August: The first Jews from Belgium are deported to Auschwitz.

Gerhart Riegner, World Jewish Congress representative in Geneva, advises U. S. Vice-Consul Howard Elting Jr., of the Nazi plan to kill the Jews of Europe.

September: An instruction from the Swiss police explains that "refugees on the grounds of race alone are not political refugees", and Swiss frontier police refuse entry to more than 9.000 Jews from France.

November: The Nazis deport 513 Jews from Norway to Auschwitz.

The selection and gas chambers begin operation at Majdanek.

December: A day of mourning and prayer on behalf of the European Jewry is observed throughout the U. S. and in 29 foreign countries. In New York, 500.000 Jewish workers stop work for 10 minutes of protest. The following day the Jewish workers make up the 10 minutes of lost time.

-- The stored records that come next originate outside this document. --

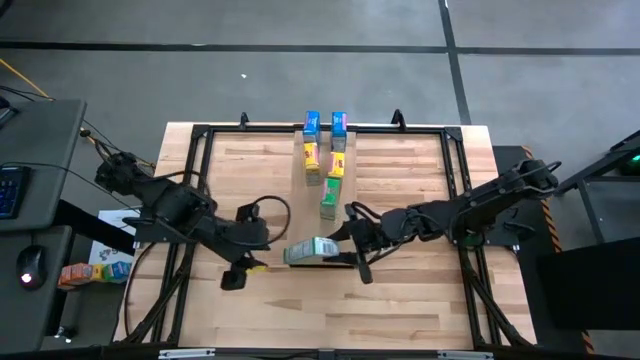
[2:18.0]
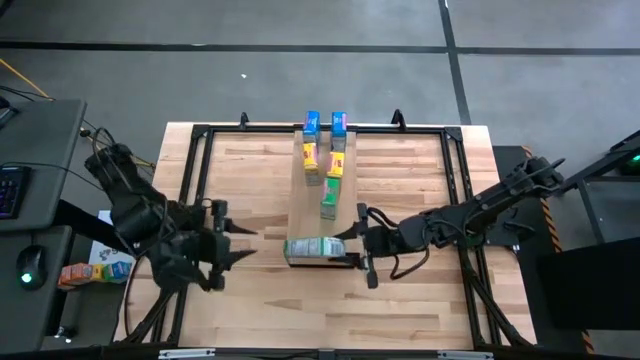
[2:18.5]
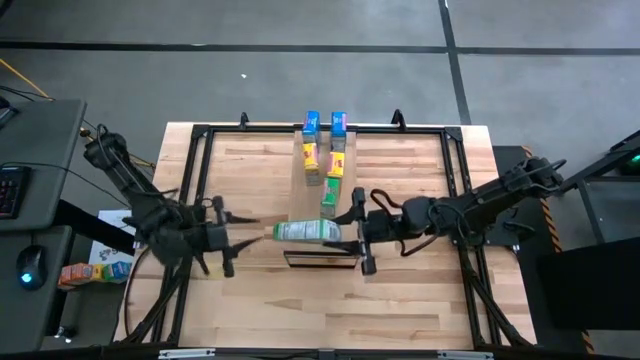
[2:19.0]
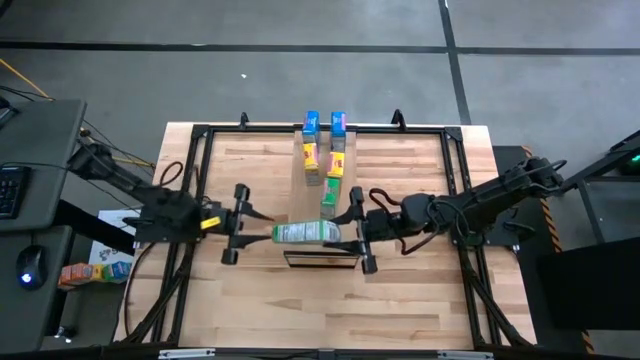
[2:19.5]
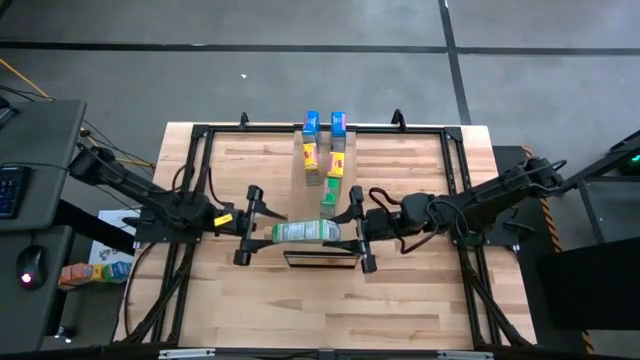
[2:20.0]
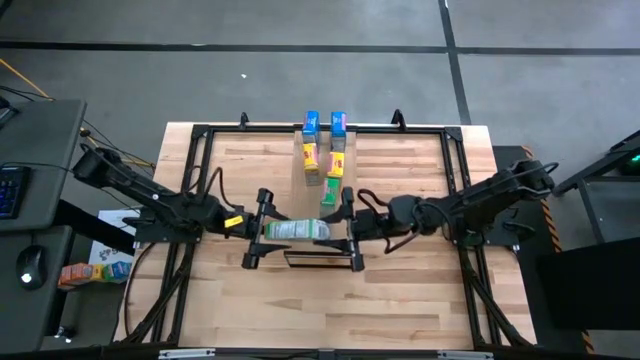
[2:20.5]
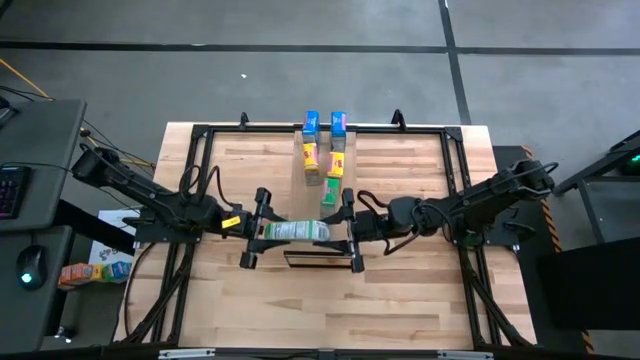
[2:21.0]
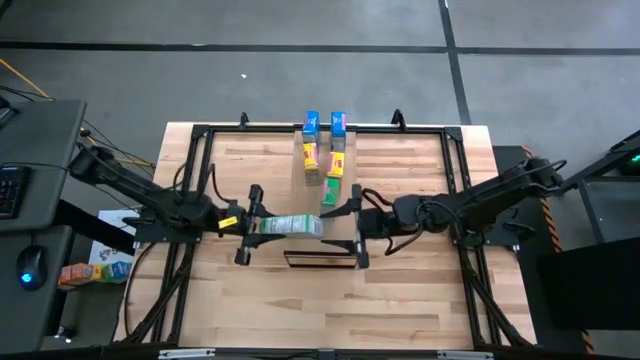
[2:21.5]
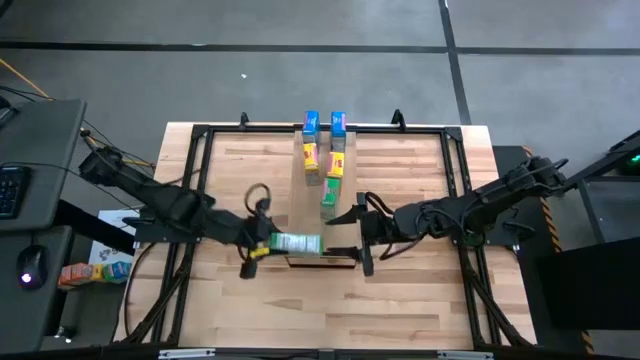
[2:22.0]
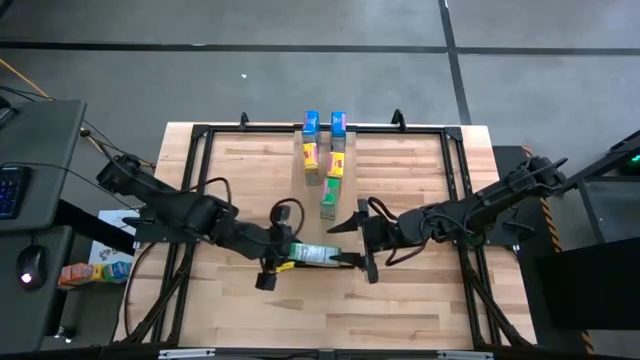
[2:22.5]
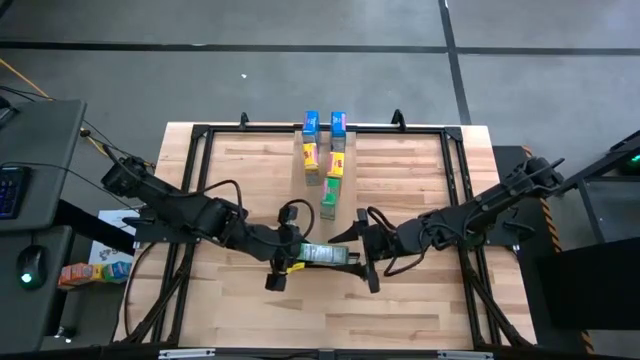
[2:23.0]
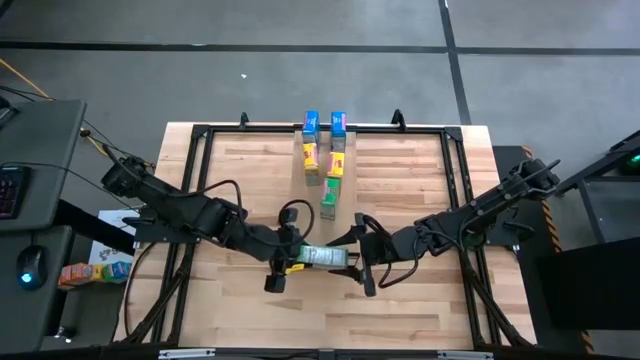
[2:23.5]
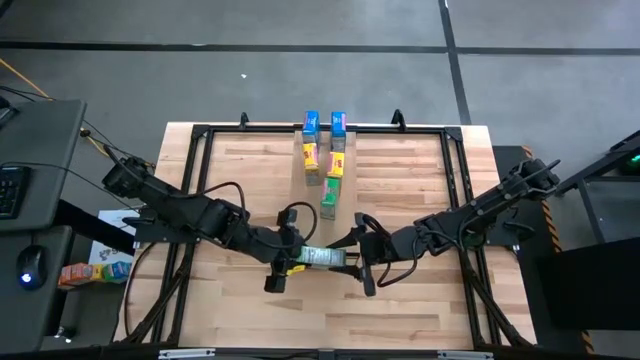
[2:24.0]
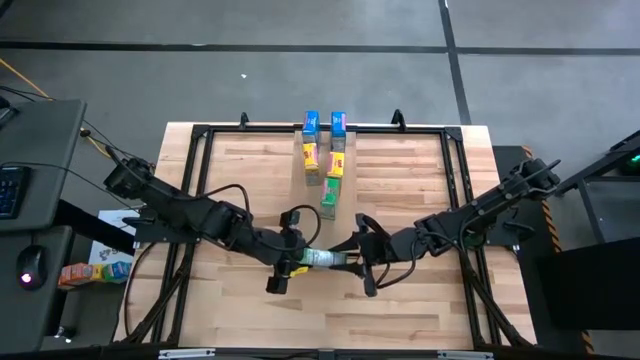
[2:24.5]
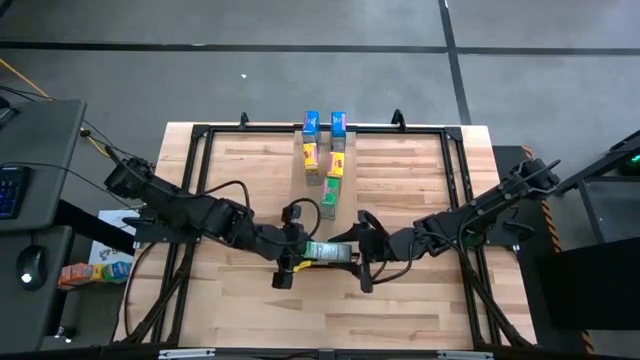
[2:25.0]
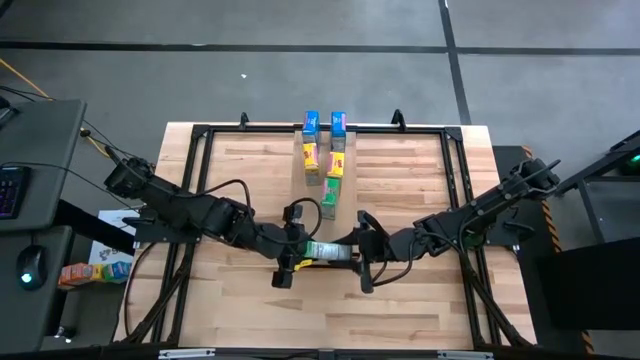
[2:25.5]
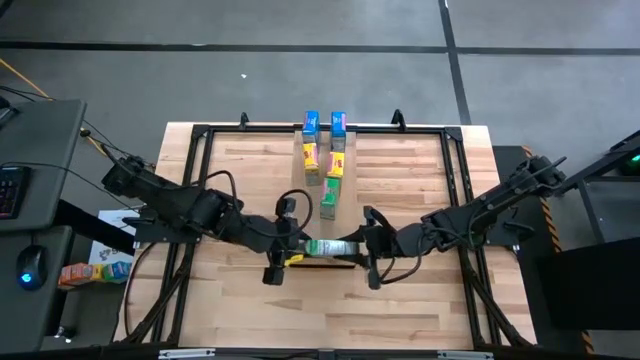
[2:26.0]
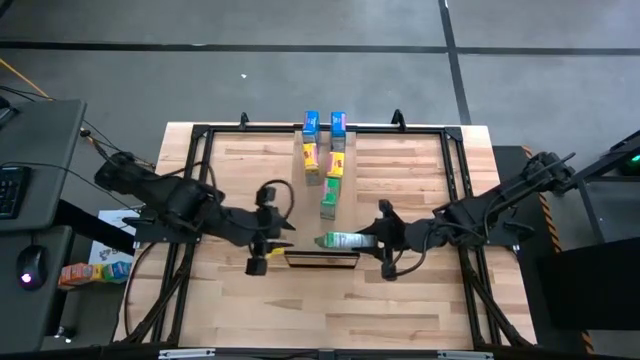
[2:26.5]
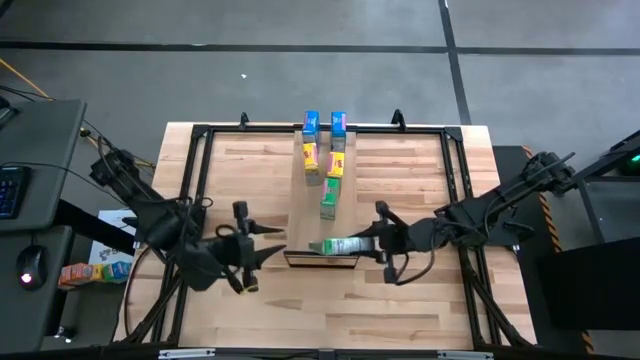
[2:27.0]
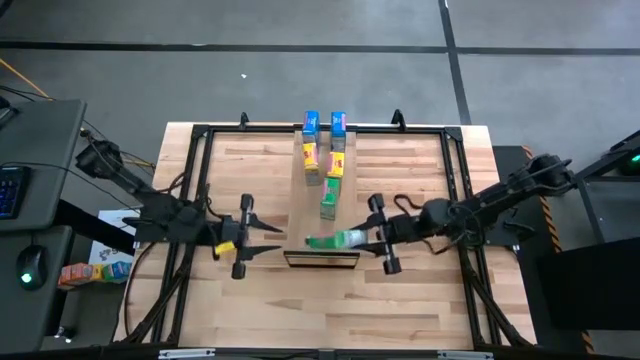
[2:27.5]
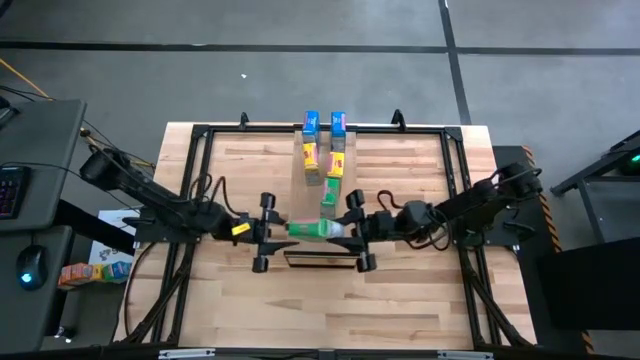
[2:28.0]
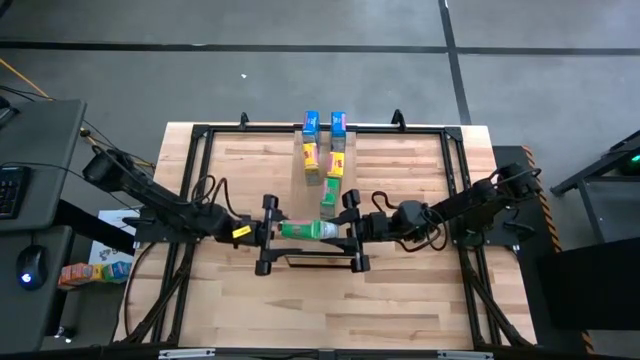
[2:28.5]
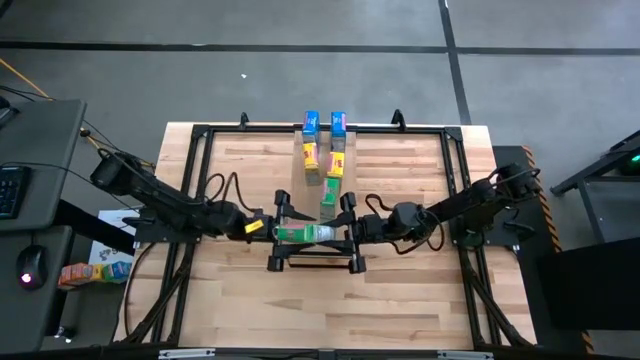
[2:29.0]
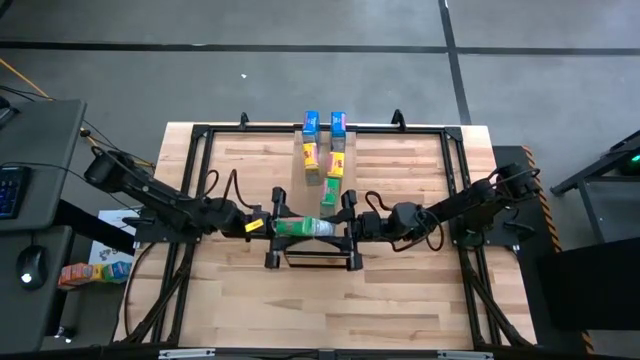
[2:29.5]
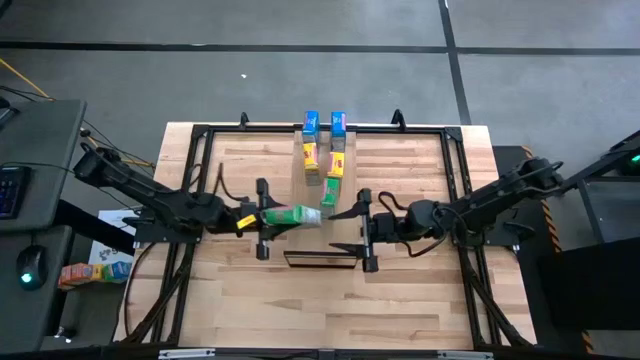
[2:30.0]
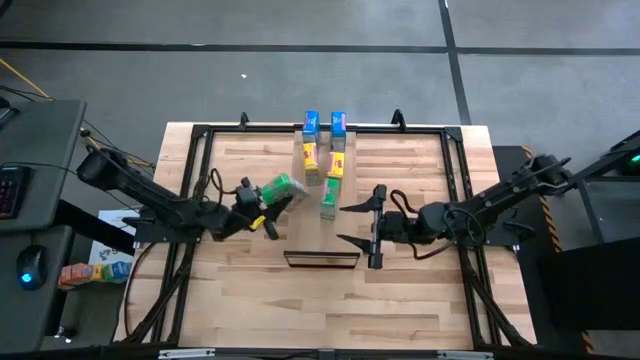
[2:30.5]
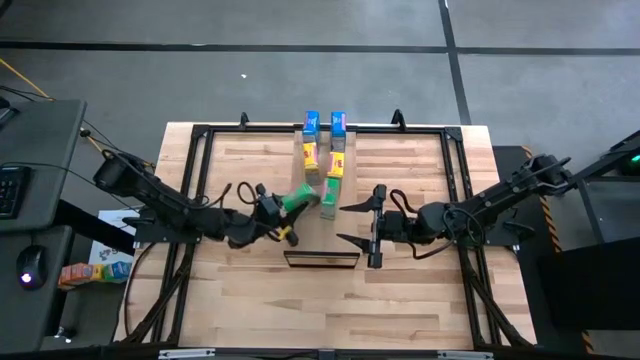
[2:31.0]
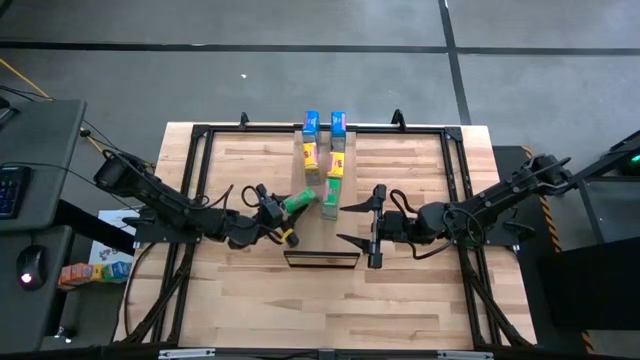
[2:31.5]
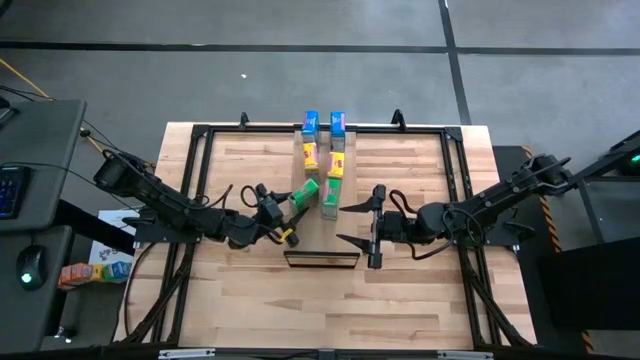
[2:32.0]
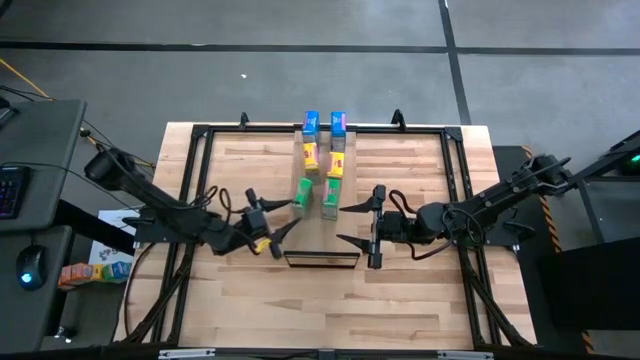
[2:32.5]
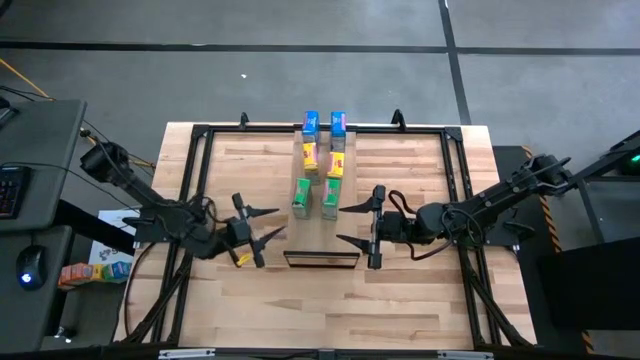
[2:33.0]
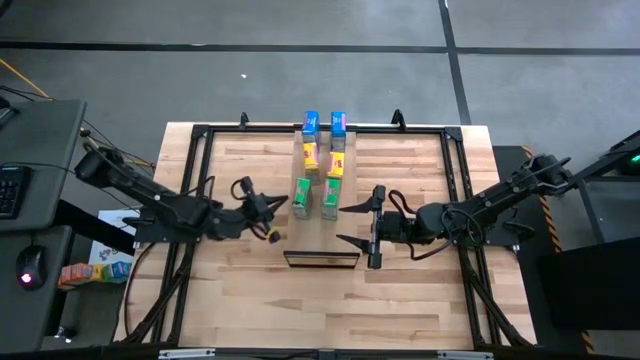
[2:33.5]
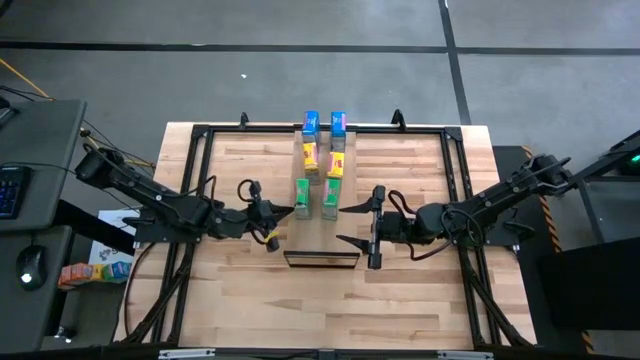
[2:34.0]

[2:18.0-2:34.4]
Task: Stack cereal on shelf
Put the green cereal box on the shelf

Rabbi Michael Weissmandl, Slovakian Orthodox rabbi involved in rescue efforts, appeals to world Jewry for aid.

Together with Joel Brand and Samuel Springmann, Rudolf Kasztner helps create the Relief and Rescue Committee of Budapest.

During 1942, the Nazis murder 2.7 million Jews. It is the year of the greatest coordination of the "final solution".

Leon Blum, former French premier, is brought to trial by the Vichy government. In 1943, the trial will be suspended and he will be sent to Buchenwald by the Germans. Blum will be liberated in May 1945.

Ernst Lubitsch directs "To Be or Not to Be", a black comedy satirizing the Nazis and their ideology.

Irving Berlin, U. S. songwriter, writes "White Christmas", a popular song for the movie "Holiday Inn".

Frank Loesser (1910-1969), U. S. composer and writer, writes the words and music of his famous song "Praise the Lord and pass the ammunition".

David Oistrakh (1908-1974), Soviet violinist, is awarded the Stalin Prize.